[Dataset items]
::::::::

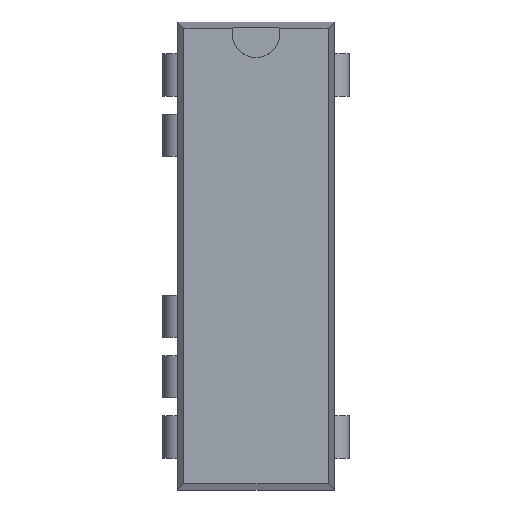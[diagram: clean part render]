
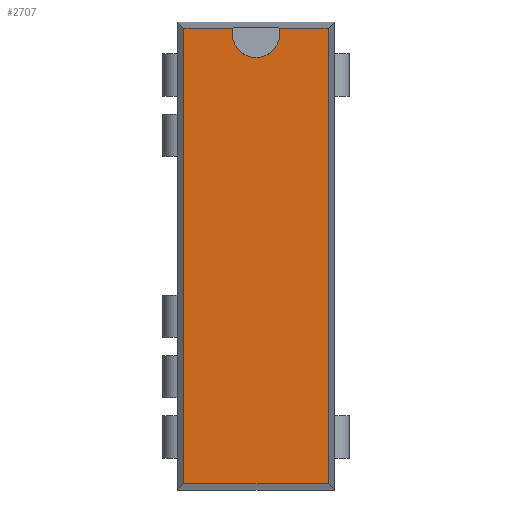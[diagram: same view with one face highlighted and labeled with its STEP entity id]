
A CAD part, top view. The second image highlights one B-rep face of the part: STEP entity #2707.
In plain terms, the highlighted planar face has unit normal (0, 0, 1).
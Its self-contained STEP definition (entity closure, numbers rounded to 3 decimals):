
#139=PLANE($,#2896);
#282=FACE_OUTER_BOUND($,#428,.T.);
#428=EDGE_LOOP($,(#2447,#2448,#2449,#2450,#2451,#2452));
#738=LINE($,#4273,#1086);
#747=LINE($,#4291,#1095);
#749=LINE($,#4295,#1097);
#751=LINE($,#4301,#1099);
#752=LINE($,#4302,#1100);
#1086=VECTOR($,#3502,6.067);
#1095=VECTOR($,#3517,19.167);
#1097=VECTOR($,#3521,19.167);
#1099=VECTOR($,#3527,2.061);
#1100=VECTOR($,#3528,2.061);
#1171=CIRCLE($,#2897,1.);
#1384=VERTEX_POINT($,#4270);
#1385=VERTEX_POINT($,#4272);
#1391=VERTEX_POINT($,#4290);
#1392=VERTEX_POINT($,#4294);
#1393=VERTEX_POINT($,#4298);
#1394=VERTEX_POINT($,#4299);
#1740=EDGE_CURVE($,#1384,#1385,#738,.F.);
#1749=EDGE_CURVE($,#1391,#1384,#747,.F.);
#1751=EDGE_CURVE($,#1385,#1392,#749,.F.);
#1753=EDGE_CURVE($,#1393,#1394,#1171,.T.);
#1754=EDGE_CURVE($,#1392,#1394,#751,.F.);
#1755=EDGE_CURVE($,#1393,#1391,#752,.F.);
#2447=ORIENTED_EDGE($,*,*,#1753,.T.);
#2448=ORIENTED_EDGE($,*,*,#1754,.F.);
#2449=ORIENTED_EDGE($,*,*,#1751,.F.);
#2450=ORIENTED_EDGE($,*,*,#1740,.F.);
#2451=ORIENTED_EDGE($,*,*,#1749,.F.);
#2452=ORIENTED_EDGE($,*,*,#1755,.F.);
#2707=ADVANCED_FACE($,(#282),#139,.F.);
#2896=AXIS2_PLACEMENT_3D($,#4297,#3523,#3524);
#2897=AXIS2_PLACEMENT_3D($,#4300,#3525,#3526);
#3502=DIRECTION($,(1.,0.,0.));
#3517=DIRECTION($,(0.,1.,0.));
#3521=DIRECTION($,(0.,-1.,0.));
#3523=DIRECTION('center_axis',(0.,0.,-1.));
#3524=DIRECTION('ref_axis',(1.,0.,0.));
#3525=DIRECTION('center_axis',(0.,0.,-1.));
#3526=DIRECTION('ref_axis',(1.,0.,0.));
#3527=DIRECTION($,(-1.,0.,0.));
#3528=DIRECTION($,(-1.,0.,0.));
#4270=CARTESIAN_POINT('',(3.034,-9.584,5.331));
#4272=CARTESIAN_POINT('',(-3.034,-9.584,5.331));
#4273=CARTESIAN_POINT($,(0.,-9.584,5.331));
#4290=CARTESIAN_POINT('',(3.034,9.584,5.331));
#4291=CARTESIAN_POINT($,(3.034,0.,5.331));
#4294=CARTESIAN_POINT('',(-3.034,9.584,5.331));
#4295=CARTESIAN_POINT($,(-3.034,0.,5.331));
#4297=CARTESIAN_POINT('Origin',(0.,0.,
5.331));
#4298=CARTESIAN_POINT('',(0.972,9.584,5.331));
#4299=CARTESIAN_POINT('',(-0.972,9.584,5.331));
#4300=CARTESIAN_POINT('Origin',(0.,9.35,
5.331));
#4301=CARTESIAN_POINT($,(0.,9.584,5.331));
#4302=CARTESIAN_POINT($,(0.,9.584,5.331));

::::::::

### Task details:
Restate every entry above word for word; no picture belongs in the copy.

### Exercise response:
[diagram: clean part render]
[diagram: same view with one face highlighted and labeled with its STEP entity id]
A CAD part, top view. The second image highlights one B-rep face of the part: STEP entity #2707.
In plain terms, the highlighted planar face has unit normal (0, 0, 1).
Its self-contained STEP definition (entity closure, numbers rounded to 3 decimals):
#139=PLANE($,#2896);
#282=FACE_OUTER_BOUND($,#428,.T.);
#428=EDGE_LOOP($,(#2447,#2448,#2449,#2450,#2451,#2452));
#738=LINE($,#4273,#1086);
#747=LINE($,#4291,#1095);
#749=LINE($,#4295,#1097);
#751=LINE($,#4301,#1099);
#752=LINE($,#4302,#1100);
#1086=VECTOR($,#3502,6.067);
#1095=VECTOR($,#3517,19.167);
#1097=VECTOR($,#3521,19.167);
#1099=VECTOR($,#3527,2.061);
#1100=VECTOR($,#3528,2.061);
#1171=CIRCLE($,#2897,1.);
#1384=VERTEX_POINT($,#4270);
#1385=VERTEX_POINT($,#4272);
#1391=VERTEX_POINT($,#4290);
#1392=VERTEX_POINT($,#4294);
#1393=VERTEX_POINT($,#4298);
#1394=VERTEX_POINT($,#4299);
#1740=EDGE_CURVE($,#1384,#1385,#738,.F.);
#1749=EDGE_CURVE($,#1391,#1384,#747,.F.);
#1751=EDGE_CURVE($,#1385,#1392,#749,.F.);
#1753=EDGE_CURVE($,#1393,#1394,#1171,.T.);
#1754=EDGE_CURVE($,#1392,#1394,#751,.F.);
#1755=EDGE_CURVE($,#1393,#1391,#752,.F.);
#2447=ORIENTED_EDGE($,*,*,#1753,.T.);
#2448=ORIENTED_EDGE($,*,*,#1754,.F.);
#2449=ORIENTED_EDGE($,*,*,#1751,.F.);
#2450=ORIENTED_EDGE($,*,*,#1740,.F.);
#2451=ORIENTED_EDGE($,*,*,#1749,.F.);
#2452=ORIENTED_EDGE($,*,*,#1755,.F.);
#2707=ADVANCED_FACE($,(#282),#139,.F.);
#2896=AXIS2_PLACEMENT_3D($,#4297,#3523,#3524);
#2897=AXIS2_PLACEMENT_3D($,#4300,#3525,#3526);
#3502=DIRECTION($,(1.,0.,0.));
#3517=DIRECTION($,(0.,1.,0.));
#3521=DIRECTION($,(0.,-1.,0.));
#3523=DIRECTION('center_axis',(0.,0.,-1.));
#3524=DIRECTION('ref_axis',(1.,0.,0.));
#3525=DIRECTION('center_axis',(0.,0.,-1.));
#3526=DIRECTION('ref_axis',(1.,0.,0.));
#3527=DIRECTION($,(-1.,0.,0.));
#3528=DIRECTION($,(-1.,0.,0.));
#4270=CARTESIAN_POINT('',(3.034,-9.584,5.331));
#4272=CARTESIAN_POINT('',(-3.034,-9.584,5.331));
#4273=CARTESIAN_POINT($,(0.,-9.584,5.331));
#4290=CARTESIAN_POINT('',(3.034,9.584,5.331));
#4291=CARTESIAN_POINT($,(3.034,0.,5.331));
#4294=CARTESIAN_POINT('',(-3.034,9.584,5.331));
#4295=CARTESIAN_POINT($,(-3.034,0.,5.331));
#4297=CARTESIAN_POINT('Origin',(0.,0.,
5.331));
#4298=CARTESIAN_POINT('',(0.972,9.584,5.331));
#4299=CARTESIAN_POINT('',(-0.972,9.584,5.331));
#4300=CARTESIAN_POINT('Origin',(0.,9.35,
5.331));
#4301=CARTESIAN_POINT($,(0.,9.584,5.331));
#4302=CARTESIAN_POINT($,(0.,9.584,5.331));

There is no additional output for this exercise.